All pipelines in powershell are objects, and something will only become text if it has become serialised somewhere along the way (e.g., read/write from disk).
See output from 'netsh'. See use of 'write-output'. Maybe you call an array of strings meangingfully distinct from "text", but it really isn't. You can't use select-object, have to switch to select-string. Have to do an assignment and a get-member or gettype() to know what you are really in for.
Returning multiple objects from a query is a feature, not a bug.
My issue is not the plurality. My issue is that the singular will have a different set of behaviors as indicated by GetType than one. I would have either liked it if a single object was returned as a single element array, or if the language did a better job of implicit array creation if you treat such singular returns as an array.

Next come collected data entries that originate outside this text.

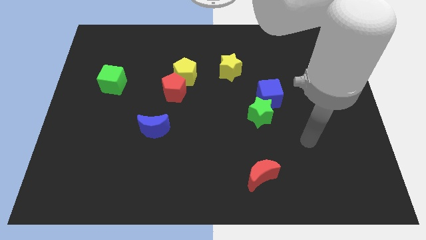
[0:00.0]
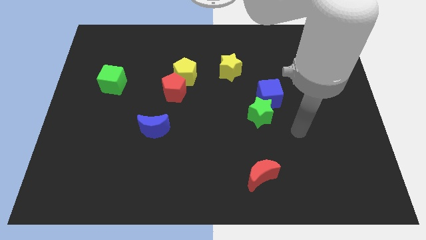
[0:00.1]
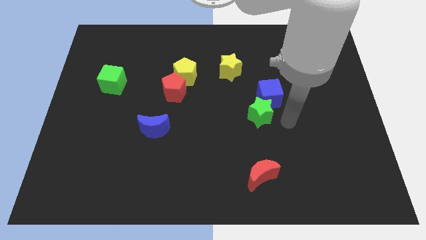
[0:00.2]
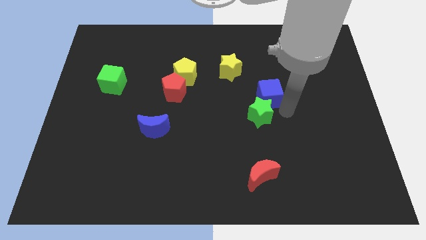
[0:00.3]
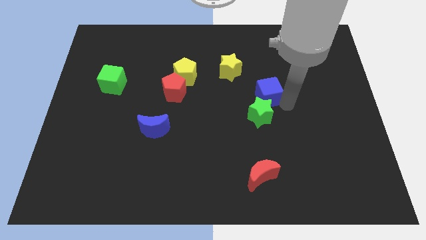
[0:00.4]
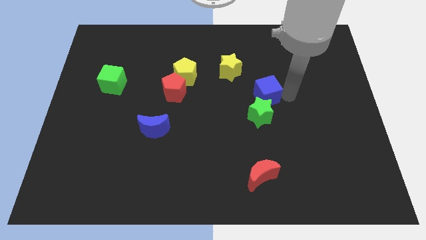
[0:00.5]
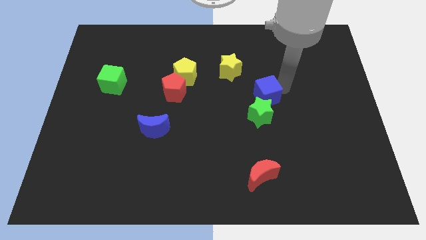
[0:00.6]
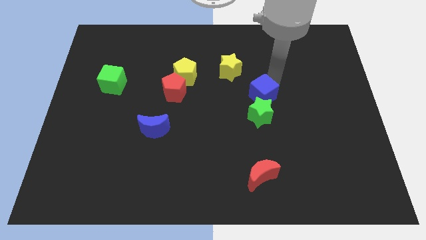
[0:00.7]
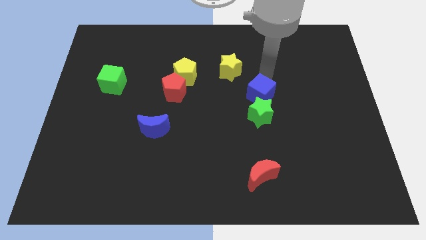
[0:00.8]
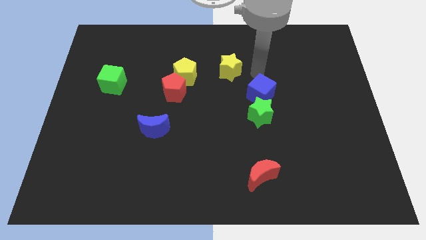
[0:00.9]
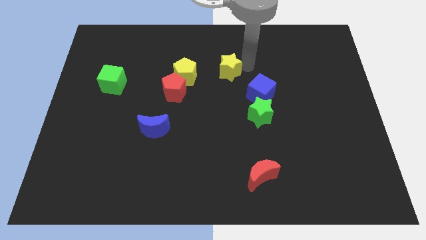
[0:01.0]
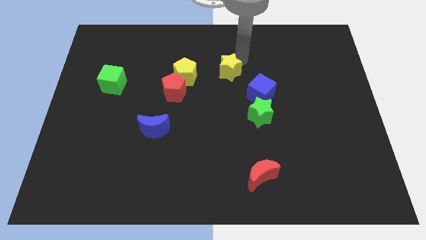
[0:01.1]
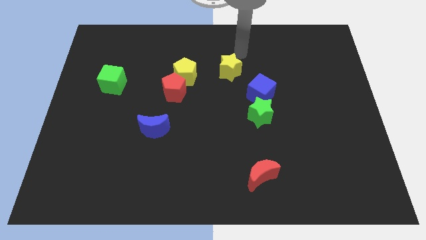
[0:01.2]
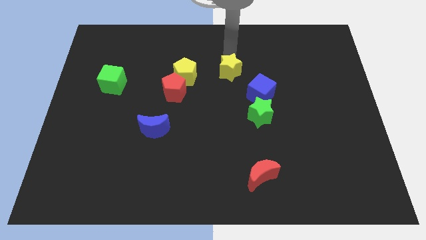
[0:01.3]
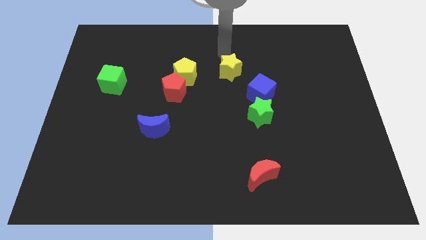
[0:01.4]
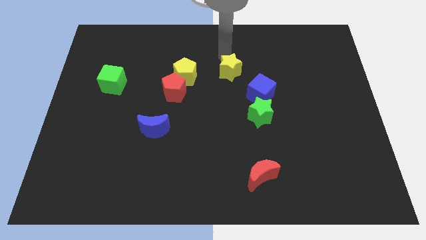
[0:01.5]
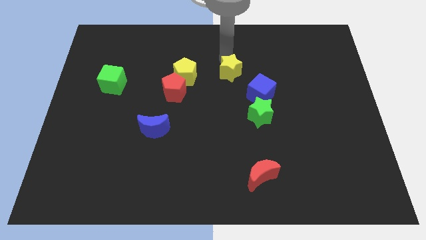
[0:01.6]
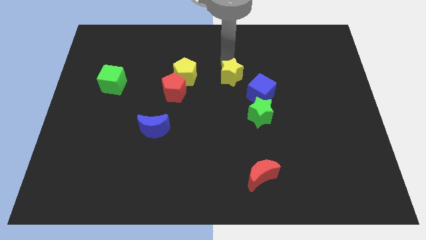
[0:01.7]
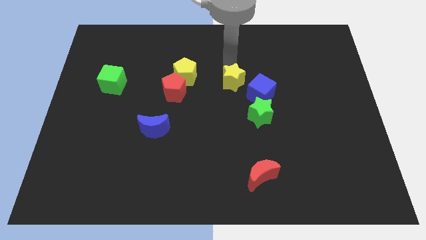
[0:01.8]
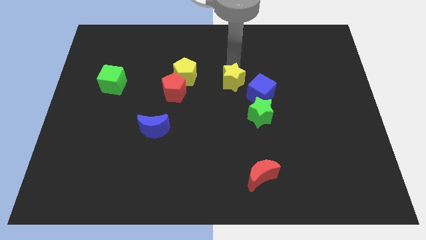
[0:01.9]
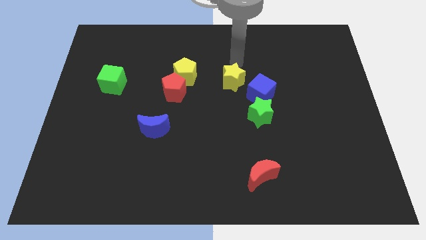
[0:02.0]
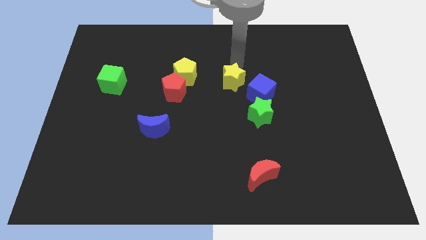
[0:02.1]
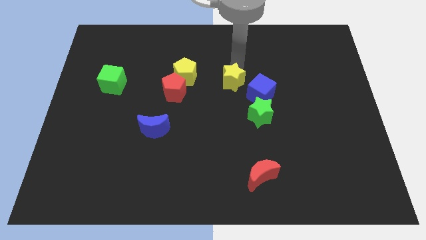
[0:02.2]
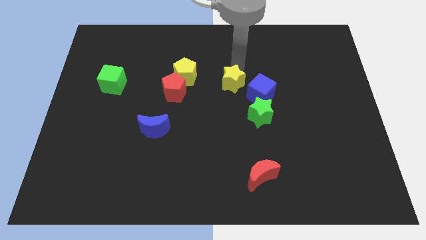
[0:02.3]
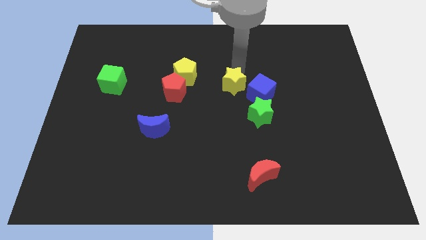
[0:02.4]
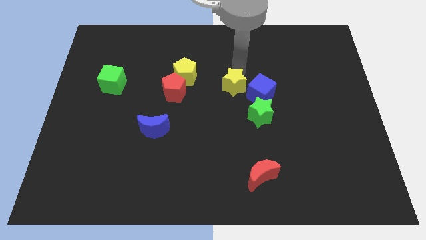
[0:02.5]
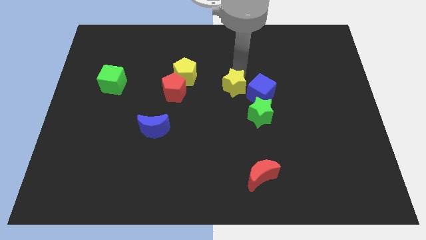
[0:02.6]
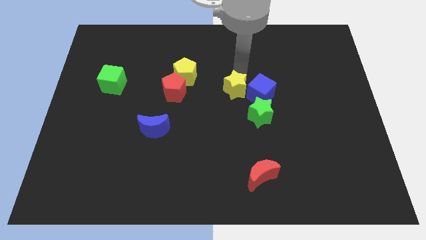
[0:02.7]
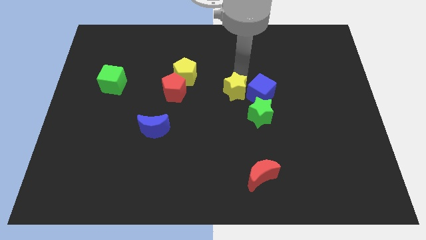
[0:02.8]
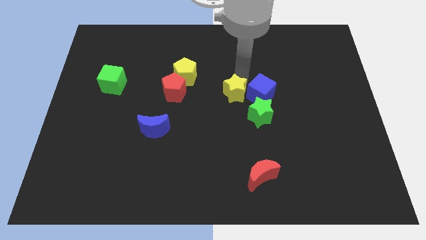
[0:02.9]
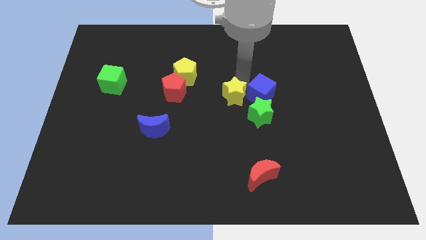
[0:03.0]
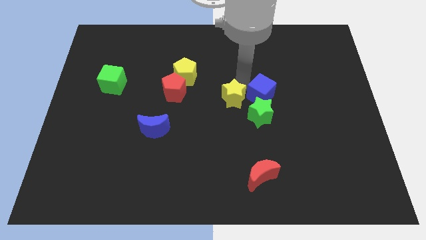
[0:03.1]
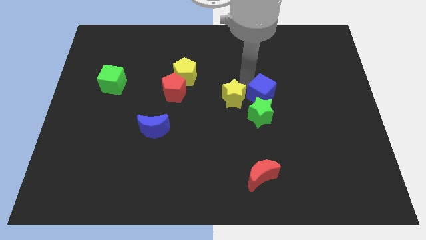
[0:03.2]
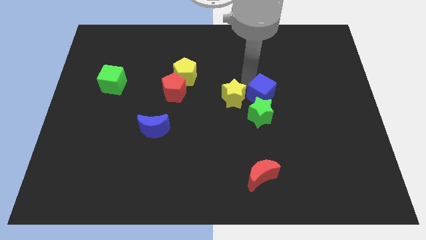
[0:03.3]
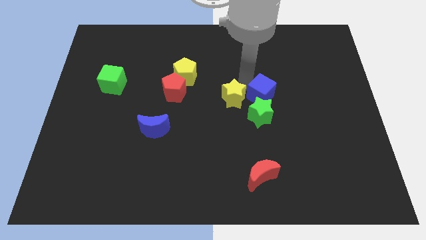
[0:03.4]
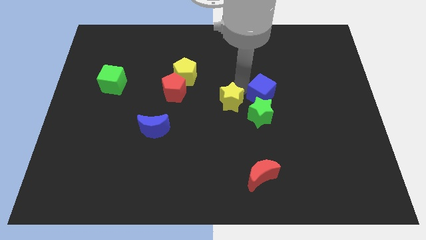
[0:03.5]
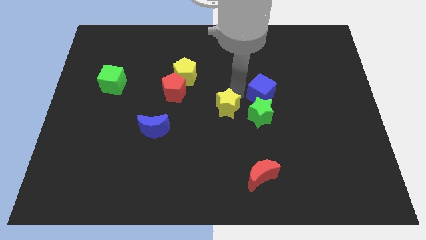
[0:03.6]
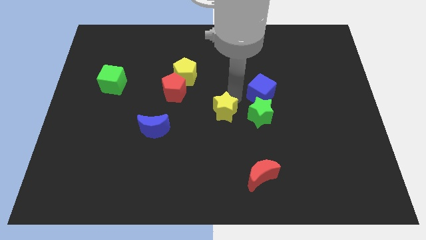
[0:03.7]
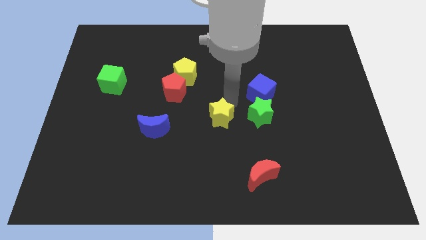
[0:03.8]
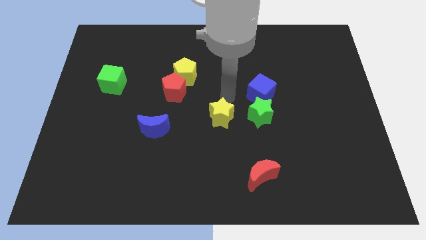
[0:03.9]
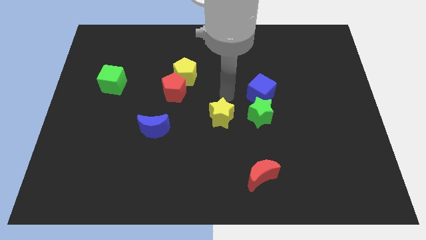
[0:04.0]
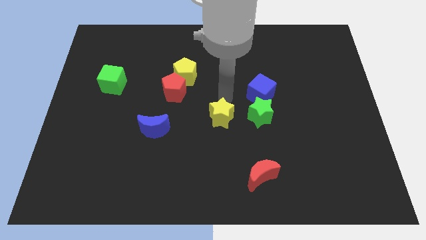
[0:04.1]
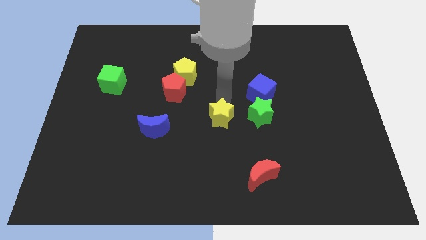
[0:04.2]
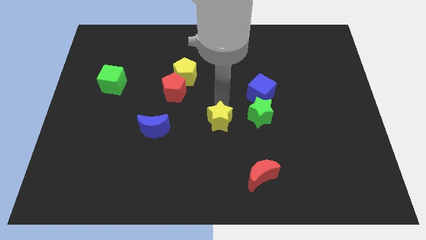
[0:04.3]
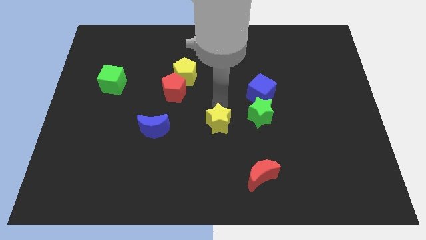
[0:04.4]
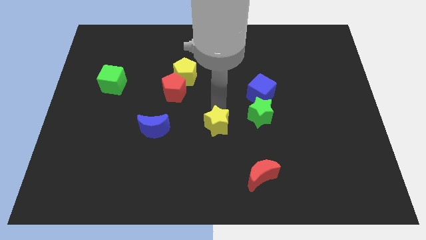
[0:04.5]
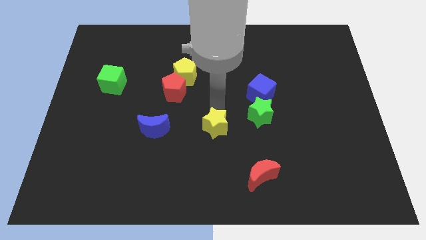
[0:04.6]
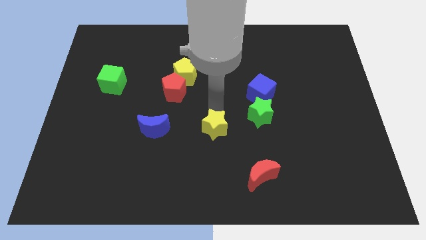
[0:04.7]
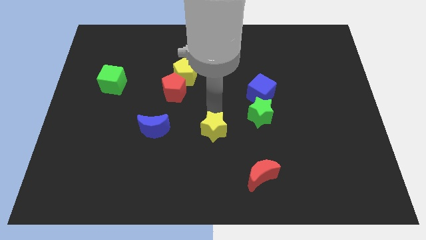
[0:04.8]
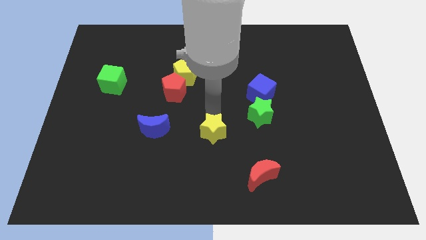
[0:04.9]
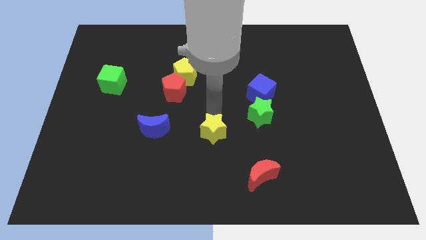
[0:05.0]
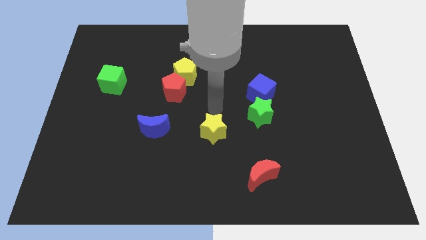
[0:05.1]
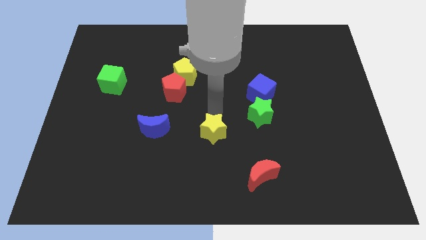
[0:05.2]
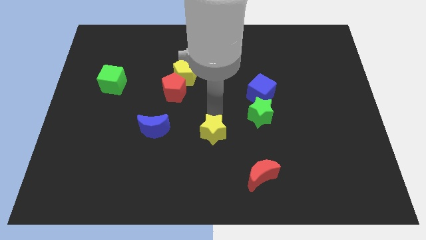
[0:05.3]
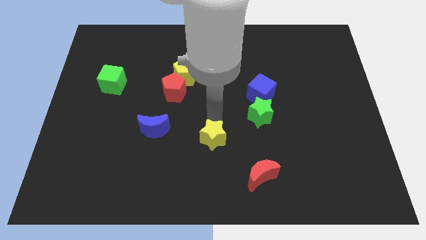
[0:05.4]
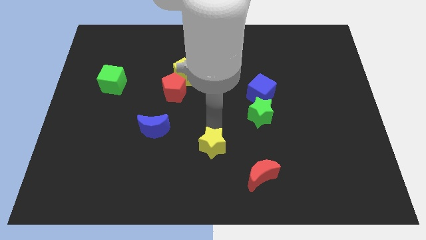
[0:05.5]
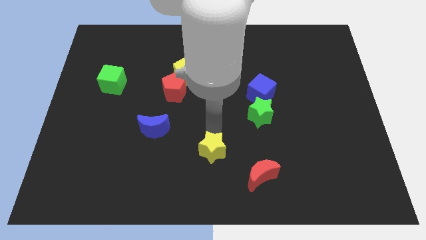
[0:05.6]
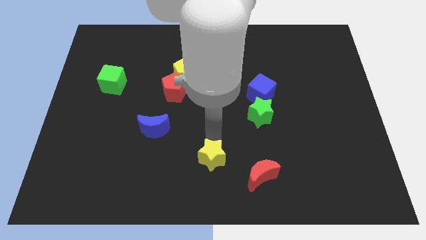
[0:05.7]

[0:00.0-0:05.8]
slide the yellow star to the left side of the red moon

And no, a cmd script can NOT turn code-signing off if you have UAC turned on
powershell set-executionpolicy bypass currentuser
If you have an enterprise CA, and an AD integrated subordinate, signing scripts is trivial. My workflow with writing powershell involves saving the file in notepad++, running "./add-signature foo.ps1" (add-signature is a 1-2 line script I've got which retrieves my code-signing cert and signs the argument with it) and then running the script. That's it.

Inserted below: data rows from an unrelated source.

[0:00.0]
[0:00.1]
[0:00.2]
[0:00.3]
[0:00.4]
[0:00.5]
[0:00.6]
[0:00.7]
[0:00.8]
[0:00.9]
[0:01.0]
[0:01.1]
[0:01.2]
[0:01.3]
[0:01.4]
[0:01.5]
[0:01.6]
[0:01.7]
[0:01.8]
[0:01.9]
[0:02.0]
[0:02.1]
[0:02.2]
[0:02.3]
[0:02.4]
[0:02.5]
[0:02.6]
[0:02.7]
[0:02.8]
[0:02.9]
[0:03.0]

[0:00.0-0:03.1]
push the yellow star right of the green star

First, that's hoops to jump through even assuming the infrastructure setup. Second, no convenient linux tools to generate the ASN.1 structures to sign in non-windows envs.
But, there are things you can do in Powershell in a few lines of code that you just can't do with a shell script without a massive time investment.
That's absolutely true of cmd and vbscript, less so in bash or perl or python on a linux system.
Much of the power of powershell lies in its ability to easily query and interact with WMI objects
WMI in my mind is less desirable than sysfs under linux which provides much the same data. WMI objects aren't very discoverable as they aren't unified under a single root. If you ask me about some data in wmi I have not previously worked with, it;s off to technet forums to search for the answer. In linux, a little ogling of sysfs and I can generally find it without so much as tabbing over to my browser.
not have to worry about people running malicious powershell scripts
Untrue, see above
If someone in the enterprise pushes a dodgy script (either accidentally, or maliciously), I can easily disable it from running, wherever the copies may exist by simply revoking the cert.
Ok, that's the one effective use case of the code signing as implemented today.